Entries shown:

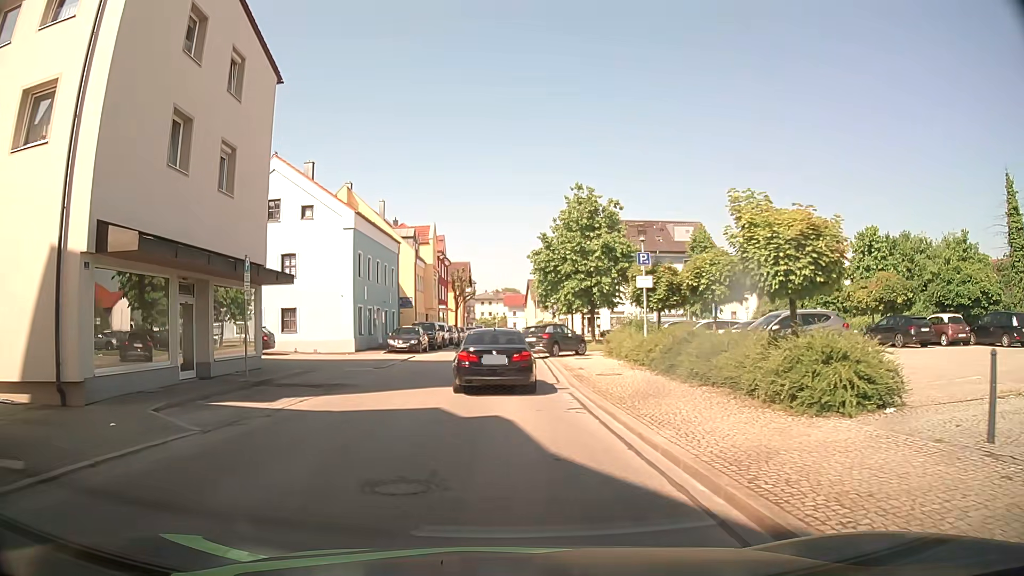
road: unclassified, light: Day
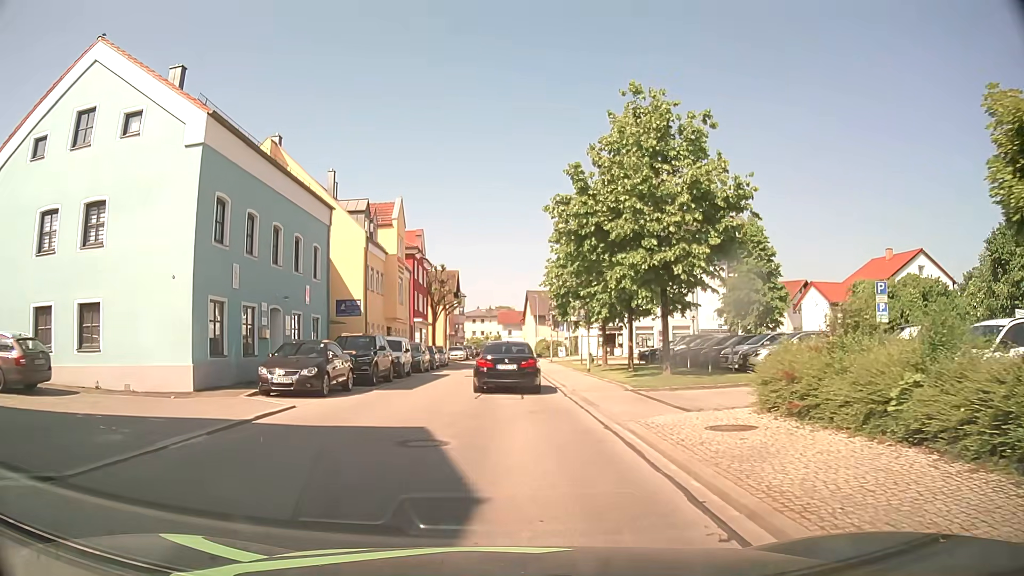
(-0.6, +18.5) m; 0°
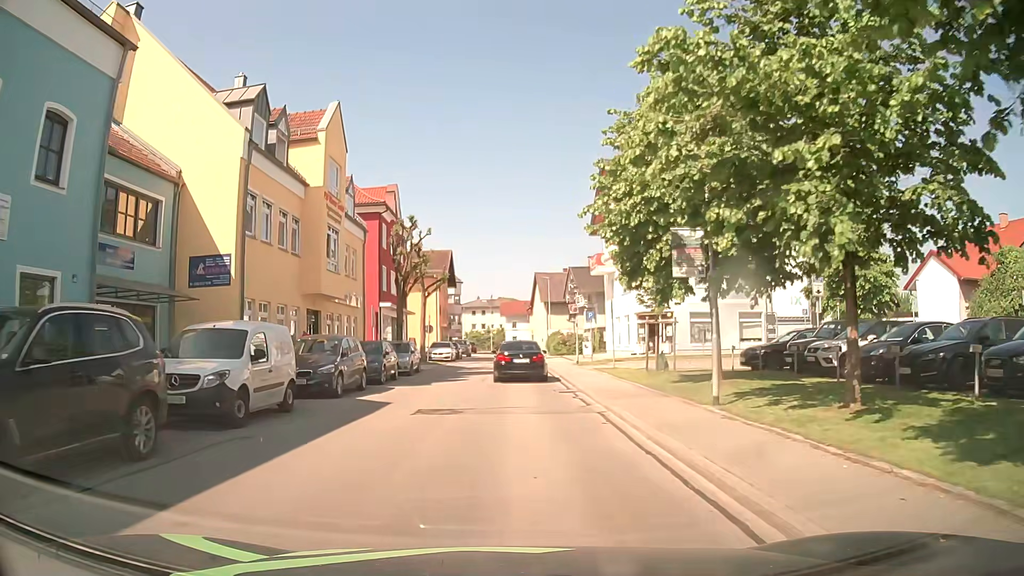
(-0.2, +18.2) m; -1°
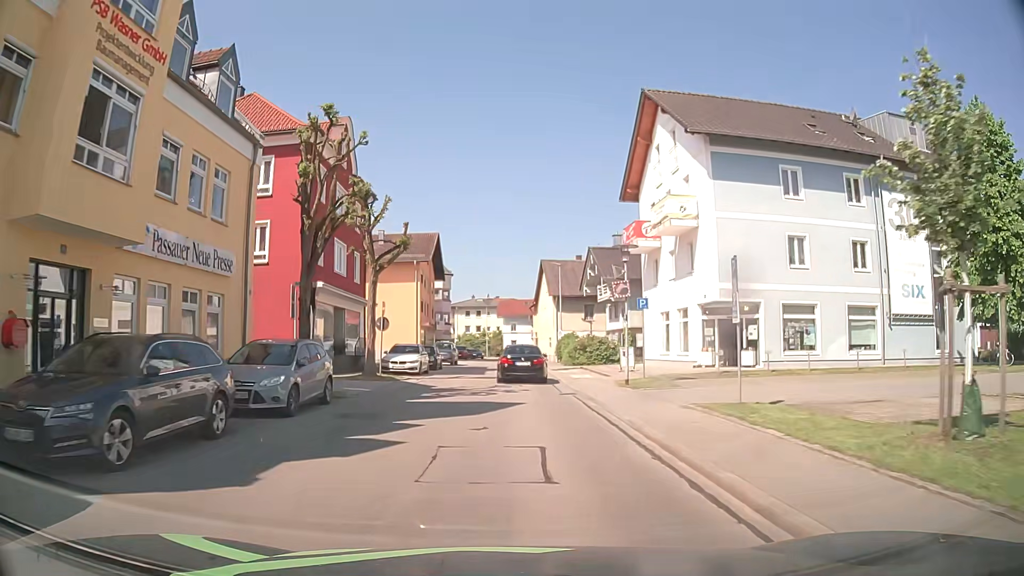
(0.0, +16.2) m; 0°
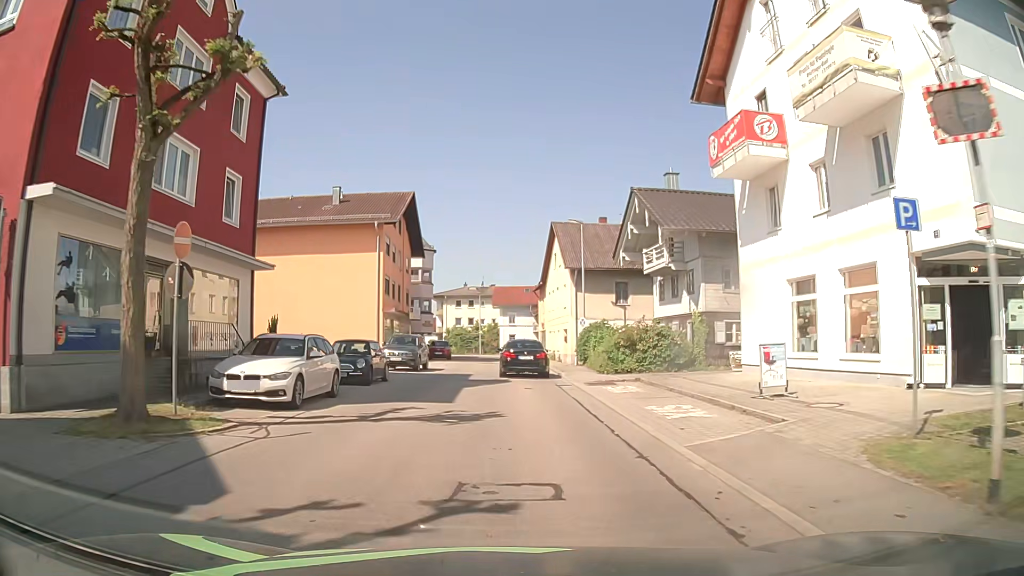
(+0.1, +17.8) m; 0°
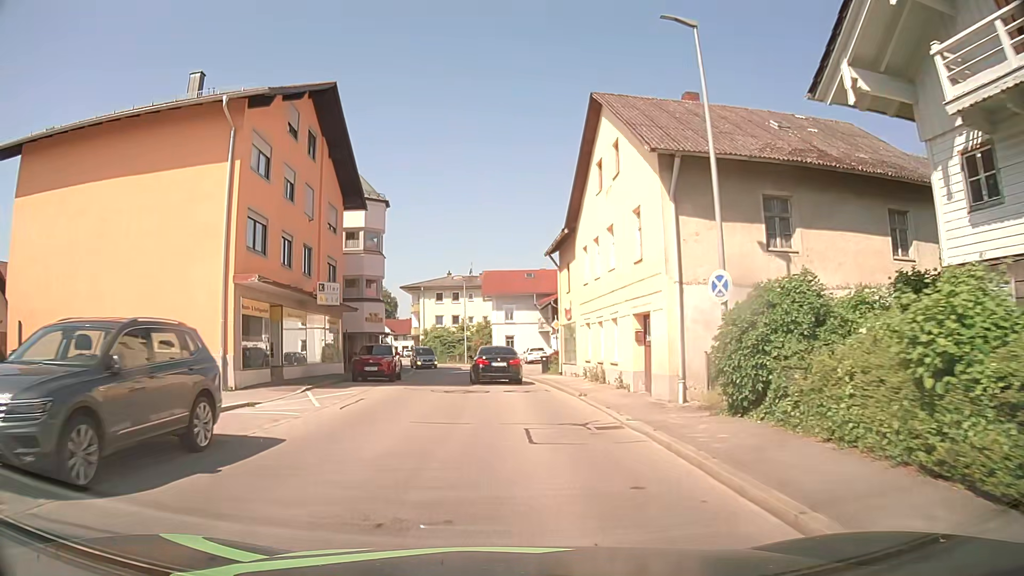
(+0.1, +24.5) m; 0°
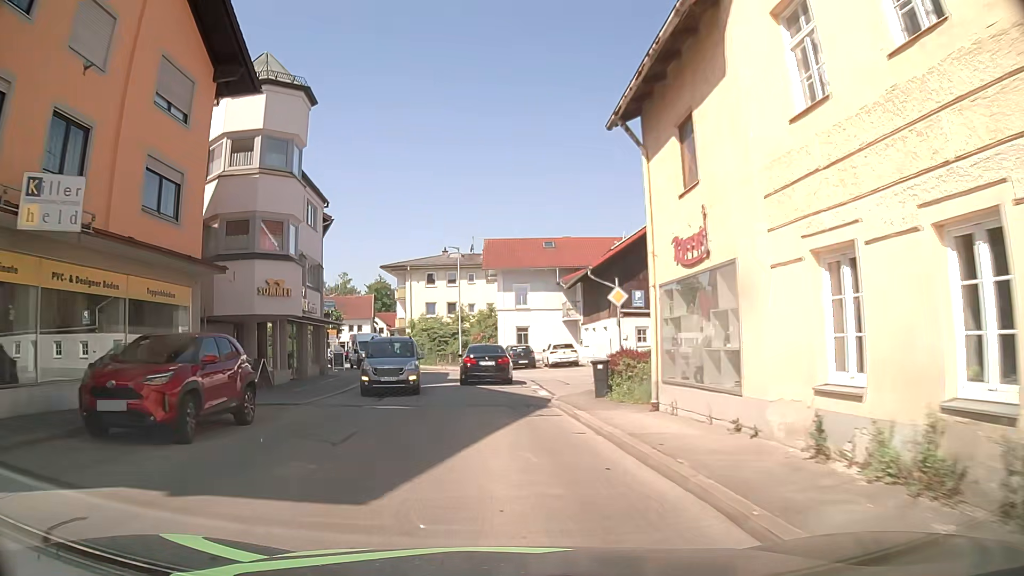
(0.0, +18.6) m; -1°
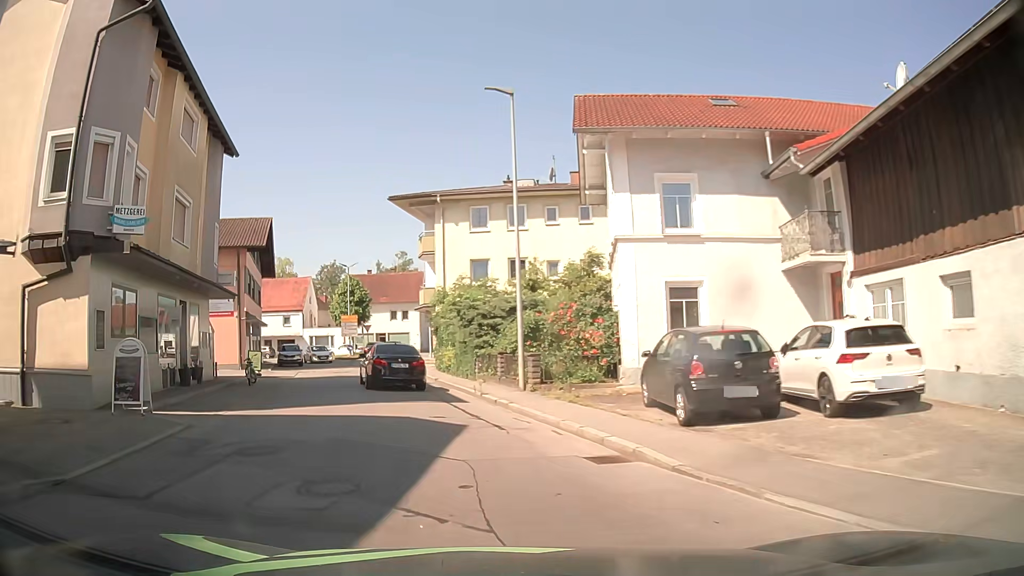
(-0.9, +28.5) m; -6°
(-1, +10) (-3, +20) (-6, +29) (-8, +39) (-10, +49) (-11, +59) (-12, +69) (-19, +75) (-29, +76) (-39, +77) m

What you are asked to do:
Instruction for this listing: copy it exactly, but leave the images behind.

Response to the task:
road: unclassified, light: Day
(-0.6, +18.5) m; 0°
(-0.2, +18.2) m; -1°
(0.0, +16.2) m; 0°
(+0.1, +17.8) m; 0°
(+0.1, +24.5) m; 0°
(0.0, +18.6) m; -1°
(-0.9, +28.5) m; -6°
(-1, +10) (-3, +20) (-6, +29) (-8, +39) (-10, +49) (-11, +59) (-12, +69) (-19, +75) (-29, +76) (-39, +77) m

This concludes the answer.